→ **PROBLEM TO WORK ON**
Copy every line that contains the string "style" from the entries below.

→ **DATA FOR PROCESSING**
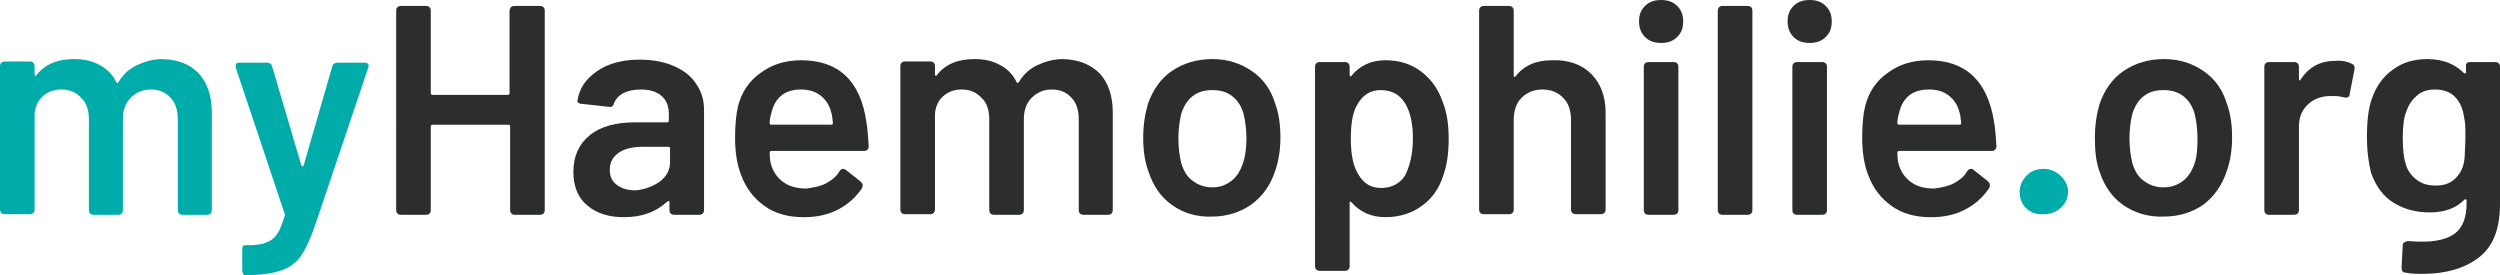 <?xml version="1.0" encoding="utf-8"?>
<!-- Generator: Adobe Illustrator 22.1.0, SVG Export Plug-In . SVG Version: 6.00 Build 0)  -->
<svg version="1.1" id="Ebene_1" xmlns="http://www.w3.org/2000/svg" xmlns:xlink="http://www.w3.org/1999/xlink" x="0px" y="0px"
	 viewBox="0 0 419 46.1" style="enable-background:new 0 0 419 46.1;" xml:space="preserve">
<style type="text/css">
	.st0{fill:#00ACA9;}
	.st1{fill:#2C2D2D;}
</style>
<g>
	<g>
		<path class="st0" d="M33.3,12.3c1.4,1.5,2.2,3.7,2.2,6.5v16.4c0,0.5-0.3,0.8-0.8,0.8h-4.1c-0.5,0-0.8-0.3-0.8-0.8V20
			c0-1.5-0.4-2.8-1.2-3.6c-0.8-0.9-1.9-1.4-3.3-1.4s-2.5,0.5-3.4,1.4c-0.9,0.9-1.3,2.1-1.3,3.6v15.2c0,0.5-0.3,0.8-0.8,0.8h-4.1
			c-0.5,0-0.8-0.3-0.8-0.8V20c0-1.5-0.4-2.8-1.3-3.6c-0.8-0.9-1.9-1.4-3.3-1.4C9,15,8,15.4,7.2,16.1c-0.8,0.7-1.3,1.7-1.4,3v16
			c0,0.5-0.3,0.8-0.8,0.8H0.8c-0.5,0-0.8-0.3-0.8-0.8v-24c0-0.5,0.3-0.8,0.8-0.8H5c0.5,0,0.8,0.3,0.8,0.8v1.3c0,0.1,0,0.2,0.1,0.3
			c0.1,0,0.2,0,0.2-0.1c1.4-1.8,3.5-2.7,6.3-2.7c1.6,0,3.1,0.3,4.3,1c1.2,0.6,2.2,1.6,2.8,2.9c0.1,0.1,0.1,0.1,0.2,0.1
			s0.1-0.1,0.2-0.2c0.8-1.3,1.8-2.2,3.1-2.8c1.3-0.6,2.7-1,4.3-1C29.9,10,31.9,10.8,33.3,12.3z"/>
		<path class="st0" d="M40.6,45.1v-3.2c0-0.5,0.1-0.8,0.4-0.8h0.3c1.4,0,2.4-0.1,3.2-0.4c0.8-0.3,1.4-0.7,1.9-1.4s0.9-1.8,1.3-3.1
			c0.1-0.2,0.1-0.3,0-0.4l-8.2-24.5c0-0.1,0-0.2,0-0.3c0-0.4,0.2-0.5,0.7-0.5h4.5c0.5,0,0.8,0.2,0.9,0.6l4.9,16.6
			c0.1,0.1,0.1,0.2,0.2,0.2s0.1-0.1,0.2-0.2l4.8-16.6c0.1-0.4,0.4-0.6,0.9-0.6h4.5c0.3,0,0.5,0.1,0.6,0.2c0.1,0.2,0.1,0.4,0,0.7
			l-8.8,26.1c-0.8,2.4-1.6,4.1-2.4,5.3c-0.8,1.2-1.9,2-3.3,2.5s-3.3,0.8-5.9,0.8h-0.4C40.7,45.9,40.6,45.6,40.6,45.1z"/>
	</g>
	<g>
		<path class="st1" d="M86.3,1h4.2c0.5,0,0.8,0.3,0.8,0.8v33.4c0,0.5-0.3,0.8-0.8,0.8h-4.2c-0.5,0-0.8-0.3-0.8-0.8v-14
			c0-0.2-0.1-0.3-0.3-0.3H72.5c-0.2,0-0.3,0.1-0.3,0.3v14c0,0.5-0.3,0.8-0.8,0.8h-4.2c-0.5,0-0.8-0.3-0.8-0.8V1.8
			c0-0.5,0.3-0.8,0.8-0.8h4.2c0.5,0,0.8,0.3,0.8,0.8v13.8c0,0.2,0.1,0.3,0.3,0.3h12.6c0.2,0,0.3-0.1,0.3-0.3V1.8
			C85.5,1.2,85.7,1,86.3,1z"/>
		<path class="st1" d="M113,11.1c1.6,0.7,2.9,1.7,3.7,3c0.9,1.3,1.3,2.7,1.3,4.4v16.7c0,0.5-0.3,0.8-0.8,0.8H113
			c-0.5,0-0.8-0.3-0.8-0.8v-1.3c0-0.1,0-0.2-0.1-0.2s-0.1,0-0.3,0.1c-1.8,1.7-4.2,2.6-7.2,2.6c-2.5,0-4.5-0.6-6.1-1.9
			c-1.6-1.3-2.4-3.2-2.4-5.7c0-2.6,0.9-4.6,2.7-6.1s4.4-2.2,7.7-2.2h5.3c0.2,0,0.3-0.1,0.3-0.3v-1.1c0-1.3-0.4-2.3-1.2-3
			c-0.8-0.7-1.9-1.1-3.5-1.1c-1.2,0-2.1,0.2-2.9,0.6c-0.8,0.4-1.3,1-1.6,1.7c-0.1,0.5-0.4,0.7-0.9,0.6l-4.5-0.5
			c-0.3,0-0.5-0.1-0.6-0.2s-0.2-0.3-0.1-0.4c0.3-2,1.4-3.6,3.3-4.9s4.3-1.9,7.1-1.9C109.6,10,111.4,10.4,113,11.1z M110.5,30.5
			c1.2-0.9,1.8-2,1.8-3.3v-2.3c0-0.2-0.1-0.3-0.3-0.3h-4.1c-1.8,0-3.2,0.3-4.2,1s-1.5,1.6-1.5,2.9c0,1.1,0.4,1.9,1.2,2.5
			s1.8,0.9,3.1,0.9C107.9,31.8,109.3,31.3,110.5,30.5z"/>
		<path class="st1" d="M138.5,30.7c0.9-0.5,1.7-1.1,2.2-2c0.2-0.3,0.4-0.4,0.6-0.4c0.2,0,0.3,0.1,0.5,0.2l2.4,1.9
			c0.2,0.2,0.4,0.4,0.4,0.6c0,0.1-0.1,0.3-0.1,0.5c-1,1.5-2.3,2.7-4,3.6s-3.6,1.3-5.8,1.3c-2.6,0-4.8-0.6-6.6-1.9s-3.1-3-3.9-5.2
			c-0.7-1.8-1-3.9-1-6.2s0.2-4.1,0.5-5.3c0.6-2.4,1.9-4.3,3.8-5.6c1.9-1.4,4.1-2.1,6.8-2.1c6.2,0,9.9,3.4,10.9,10.3
			c0.2,1.1,0.3,2.5,0.4,4.1c0,0.5-0.3,0.8-0.8,0.8h-15.5c-0.2,0-0.3,0.1-0.3,0.3c0,0.9,0.1,1.6,0.3,2.2c0.4,1.2,1.1,2.1,2.1,2.8
			s2.3,1,3.8,1C136.5,31.4,137.6,31.2,138.5,30.7z M131.1,15.9c-0.8,0.6-1.4,1.5-1.7,2.6c-0.2,0.7-0.4,1.4-0.4,2.1
			c0,0.2,0,0.3,0.3,0.3h10c0.2,0,0.3-0.1,0.3-0.3c-0.1-1-0.2-1.6-0.3-1.8c-0.3-1.2-0.9-2.1-1.8-2.8c-0.9-0.7-2-1-3.3-1
			C133,15,131.9,15.3,131.1,15.9z"/>
		<path class="st1" d="M184.3,12.3c1.4,1.5,2.2,3.7,2.2,6.5v16.4c0,0.5-0.3,0.8-0.8,0.8h-4.1c-0.5,0-0.8-0.3-0.8-0.8V20
			c0-1.5-0.4-2.8-1.2-3.6c-0.8-0.9-1.9-1.4-3.3-1.4c-1.4,0-2.5,0.5-3.4,1.4c-0.9,0.9-1.3,2.1-1.3,3.6v15.2c0,0.5-0.3,0.8-0.8,0.8
			h-4.2c-0.5,0-0.8-0.3-0.8-0.8V20c0-1.5-0.4-2.8-1.3-3.6c-0.8-0.9-1.9-1.4-3.3-1.4c-1.3,0-2.3,0.4-3.1,1.1c-0.8,0.7-1.3,1.7-1.4,3
			v16c0,0.5-0.3,0.8-0.8,0.8h-4.2c-0.5,0-0.8-0.3-0.8-0.8v-24c0-0.5,0.3-0.8,0.8-0.8h4.2c0.5,0,0.8,0.3,0.8,0.8v1.3
			c0,0.1,0,0.2,0.1,0.3c0.1,0,0.2,0,0.2-0.1c1.4-1.8,3.5-2.7,6.3-2.7c1.6,0,3.1,0.3,4.3,1c1.2,0.6,2.2,1.6,2.8,2.9
			c0.1,0.1,0.1,0.1,0.2,0.1c0.1,0,0.1-0.1,0.2-0.2c0.8-1.3,1.8-2.2,3.1-2.8s2.7-1,4.3-1C180.8,10,182.8,10.8,184.3,12.3z"/>
		<path class="st1" d="M196.5,34.4c-1.9-1.3-3.2-3.2-4-5.6c-0.6-1.6-0.9-3.5-0.9-5.7c0-2.1,0.3-4,0.8-5.7c0.8-2.3,2.1-4.2,4-5.5
			s4.2-2,6.8-2c2.5,0,4.7,0.7,6.6,2s3.2,3.1,3.9,5.4c0.6,1.6,0.9,3.5,0.9,5.7c0,2.1-0.3,4-0.9,5.7c-0.8,2.4-2.1,4.2-4,5.6
			c-1.9,1.3-4.1,2-6.6,2C200.6,36.4,198.3,35.7,196.5,34.4z M206.4,30.3c0.9-0.7,1.5-1.7,1.9-2.9c0.4-1.1,0.6-2.5,0.6-4.2
			c0-1.6-0.2-3-0.5-4.2c-0.4-1.3-1-2.2-1.9-2.9c-0.9-0.7-2-1-3.3-1s-2.4,0.3-3.3,1c-0.9,0.7-1.5,1.7-1.9,2.9
			c-0.3,1.2-0.5,2.6-0.5,4.2s0.2,3,0.5,4.2c0.4,1.3,1,2.3,1.9,2.9c0.9,0.7,2,1.1,3.3,1.1S205.5,31,206.4,30.3z"/>
		<path class="st1" d="M242.8,23.3c0,2.4-0.3,4.4-0.9,6.1c-0.7,2.2-1.9,3.9-3.6,5.1c-1.6,1.2-3.7,1.9-6.1,1.9
			c-2.3,0-4.2-0.8-5.7-2.5c-0.1-0.1-0.1-0.1-0.2-0.1c-0.1,0-0.1,0.1-0.1,0.2v10.6c0,0.5-0.3,0.8-0.8,0.8h-4.2
			c-0.5,0-0.8-0.3-0.8-0.8V11.2c0-0.5,0.3-0.8,0.8-0.8h4.2c0.5,0,0.8,0.3,0.8,0.8v1.3c0,0.1,0,0.2,0.1,0.3c0.1,0,0.2,0,0.2-0.1
			c1.4-1.7,3.3-2.6,5.7-2.6c2.3,0,4.3,0.6,6,1.9s2.9,3,3.6,5.1C242.5,18.8,242.8,20.9,242.8,23.3z M236.8,23.2
			c0-2.4-0.4-4.3-1.2-5.7c-0.9-1.6-2.3-2.4-4.2-2.4c-1.7,0-3,0.8-3.9,2.4c-0.8,1.3-1.1,3.2-1.1,5.8s0.4,4.6,1.3,6
			c0.9,1.5,2.1,2.2,3.8,2.2s3.1-0.7,4-2.1C236.3,27.8,236.8,25.8,236.8,23.2z"/>
		<path class="st1" d="M266.7,12.4c1.6,1.6,2.4,3.8,2.4,6.5v16.2c0,0.5-0.3,0.8-0.8,0.8h-4.2c-0.5,0-0.8-0.3-0.8-0.8v-15
			c0-1.5-0.4-2.8-1.3-3.7c-0.9-0.9-2-1.4-3.5-1.4c-1.4,0-2.6,0.5-3.5,1.4c-0.9,0.9-1.3,2.2-1.3,3.7v15c0,0.5-0.3,0.8-0.8,0.8h-4.2
			c-0.5,0-0.8-0.3-0.8-0.8V1.8c0-0.5,0.3-0.8,0.8-0.8h4.2c0.5,0,0.8,0.3,0.8,0.8v10.8c0,0.1,0,0.2,0.1,0.3c0.1,0,0.1,0,0.2-0.1
			c1.4-1.8,3.4-2.7,6.1-2.7C262.9,10,265.1,10.8,266.7,12.4z"/>
		<path class="st1" d="M275.7,6.2c-0.7-0.7-1-1.6-1-2.6c0-1.1,0.3-1.9,1-2.6s1.6-1,2.7-1s2,0.3,2.7,1s1,1.5,1,2.6s-0.3,1.9-1,2.6
			s-1.6,1-2.7,1S276.4,6.9,275.7,6.2z M275.5,35.2v-24c0-0.5,0.3-0.8,0.8-0.8h4.2c0.5,0,0.8,0.3,0.8,0.8v24c0,0.5-0.3,0.8-0.8,0.8
			h-4.2C275.8,36,275.5,35.7,275.5,35.2z"/>
		<path class="st1" d="M287.9,35.2V1.8c0-0.5,0.3-0.8,0.8-0.8h4.2c0.5,0,0.8,0.3,0.8,0.8v33.4c0,0.5-0.3,0.8-0.8,0.8h-4.2
			C288.2,36,287.9,35.7,287.9,35.2z"/>
		<path class="st1" d="M300.6,6.2c-0.7-0.7-1-1.6-1-2.6c0-1.1,0.3-1.9,1-2.6s1.6-1,2.7-1s2,0.3,2.7,1s1,1.5,1,2.6s-0.3,1.9-1,2.6
			s-1.6,1-2.7,1S301.3,6.9,300.6,6.2z M300.4,35.2v-24c0-0.5,0.3-0.8,0.8-0.8h4.2c0.5,0,0.8,0.3,0.8,0.8v24c0,0.5-0.3,0.8-0.8,0.8
			h-4.2C300.7,36,300.4,35.7,300.4,35.2z"/>
		<path class="st1" d="M327.5,30.7c0.9-0.5,1.7-1.1,2.2-2c0.2-0.3,0.4-0.4,0.7-0.4c0.2,0,0.3,0.1,0.4,0.2l2.4,1.9
			c0.2,0.2,0.3,0.4,0.3,0.6c0,0.1,0,0.3-0.1,0.5c-1,1.5-2.3,2.7-4,3.6s-3.6,1.3-5.8,1.3c-2.6,0-4.8-0.6-6.6-1.9s-3.1-3-3.9-5.2
			c-0.7-1.8-1-3.9-1-6.2s0.2-4.1,0.5-5.3c0.6-2.4,1.9-4.3,3.8-5.6c1.9-1.4,4.1-2.1,6.8-2.1c6.2,0,9.9,3.4,11,10.3
			c0.2,1.1,0.3,2.5,0.4,4.1c0,0.5-0.3,0.8-0.8,0.8h-15.5c-0.2,0-0.3,0.1-0.3,0.3c0,0.9,0.1,1.6,0.3,2.2c0.4,1.2,1.1,2.1,2.1,2.8
			s2.3,1,3.8,1C325.5,31.4,326.6,31.2,327.5,30.7z M320.1,15.9c-0.8,0.6-1.4,1.5-1.7,2.6c-0.2,0.7-0.4,1.4-0.4,2.1
			c0,0.2,0.1,0.3,0.3,0.3h10.1c0.2,0,0.3-0.1,0.3-0.3c-0.1-1-0.2-1.6-0.3-1.8c-0.3-1.2-0.9-2.1-1.8-2.8c-0.9-0.7-2-1-3.3-1
			C322,15,320.9,15.3,320.1,15.9z"/>
		<path class="st0" d="M339.6,34.9c-0.8-0.7-1.1-1.7-1.1-2.8c0-1,0.4-1.9,1.2-2.7c0.8-0.8,1.7-1.1,2.8-1.1c1.1,0,2,0.4,2.8,1.1
			c0.8,0.8,1.3,1.6,1.3,2.7c0,1.1-0.4,2-1.2,2.7c-0.8,0.8-1.8,1.1-2.9,1.1C341.3,36,340.3,35.6,339.6,34.9z"/>
		<path class="st1" d="M355.9,34.4c-1.9-1.3-3.2-3.2-4-5.6c-0.6-1.6-0.8-3.5-0.8-5.7c0-2.1,0.3-4,0.8-5.7c0.8-2.3,2.1-4.2,4-5.5
			s4.2-2,6.8-2c2.5,0,4.7,0.7,6.6,2s3.2,3.1,3.9,5.4c0.6,1.6,0.9,3.5,0.9,5.7c0,2.1-0.3,4-0.9,5.7c-0.8,2.4-2.1,4.2-3.9,5.6
			c-1.9,1.3-4.1,2-6.7,2C360.1,36.4,357.8,35.7,355.9,34.4z M365.9,30.3c0.9-0.7,1.5-1.7,1.9-2.9c0.4-1.1,0.5-2.5,0.5-4.2
			c0-1.6-0.2-3-0.5-4.2c-0.4-1.3-1-2.2-1.9-2.9c-0.9-0.7-2-1-3.3-1s-2.4,0.3-3.3,1s-1.5,1.7-1.9,2.9c-0.3,1.2-0.5,2.6-0.5,4.2
			s0.2,3,0.5,4.2c0.4,1.3,1,2.3,1.9,2.9c0.9,0.7,2,1.1,3.3,1.1S365,31,365.9,30.3z"/>
		<path class="st1" d="M394.2,10.7c0.4,0.2,0.5,0.5,0.4,1l-0.8,4.1c0,0.3-0.1,0.4-0.3,0.5c-0.2,0.1-0.4,0.1-0.7,0
			c-0.4-0.1-0.9-0.2-1.6-0.2c-0.4,0-0.7,0-1,0c-1.4,0.1-2.6,0.6-3.5,1.5s-1.4,2.1-1.4,3.6v14c0,0.5-0.3,0.8-0.8,0.8h-4.2
			c-0.5,0-0.8-0.3-0.8-0.8v-24c0-0.5,0.3-0.8,0.8-0.8h4.2c0.5,0,0.8,0.3,0.8,0.8v2c0,0.1,0,0.2,0.1,0.3c0.1,0,0.1,0,0.2-0.2
			c1.4-2.1,3.3-3.1,5.8-3.1C392.5,10.1,393.4,10.3,394.2,10.7z"/>
		<path class="st1" d="M414,10.4h4.2c0.5,0,0.8,0.3,0.8,0.8v23c0,4.2-1.2,7.2-3.6,9s-5.5,2.7-9.4,2.7c-0.9,0-1.9,0-2.8-0.2
			c-0.5,0-0.7-0.3-0.7-0.9l0.2-3.7c0-0.2,0.1-0.4,0.3-0.5c0.2-0.1,0.4-0.2,0.6-0.2c1.1,0.1,1.9,0.1,2.4,0.1c2.5,0,4.4-0.5,5.6-1.5
			s1.8-2.6,1.8-5v-0.3c0-0.1,0-0.2-0.1-0.3c-0.1,0-0.2,0-0.3,0.1c-1.4,1.4-3.3,2.1-5.8,2.1c-2.2,0-4.2-0.5-6-1.6s-3-2.8-3.8-5
			c-0.4-1.6-0.7-3.6-0.7-6.1c0-2.8,0.3-4.9,0.8-6.3c0.7-2,1.8-3.7,3.5-4.9c1.6-1.2,3.5-1.8,5.8-1.8c2.6,0,4.6,0.8,6.1,2.3
			c0.1,0.1,0.2,0.1,0.3,0.1c0.1,0,0.1-0.1,0.1-0.3v-0.9C413.2,10.7,413.5,10.4,414,10.4z M413.1,25.8c0-0.6,0.1-1.5,0.1-2.8
			s0-2.2-0.1-2.7s-0.2-1.1-0.3-1.6c-0.3-1.1-0.8-2-1.6-2.7c-0.8-0.7-1.9-1-3.1-1s-2.2,0.3-3,1c-0.8,0.7-1.4,1.5-1.8,2.7
			c-0.4,0.9-0.6,2.4-0.6,4.4c0,2.1,0.2,3.5,0.5,4.4c0.3,1.1,0.9,1.9,1.8,2.6s1.9,1,3.2,1c1.3,0,2.3-0.3,3.1-1
			c0.8-0.7,1.3-1.5,1.6-2.6C413,27,413.1,26.4,413.1,25.8z"/>
	</g>
</g>
</svg>

→ **SOLUTION FOR THIS EXERCISE**
	 viewBox="0 0 419 46.1" style="enable-background:new 0 0 419 46.1;" xml:space="preserve">
<style type="text/css">
</style>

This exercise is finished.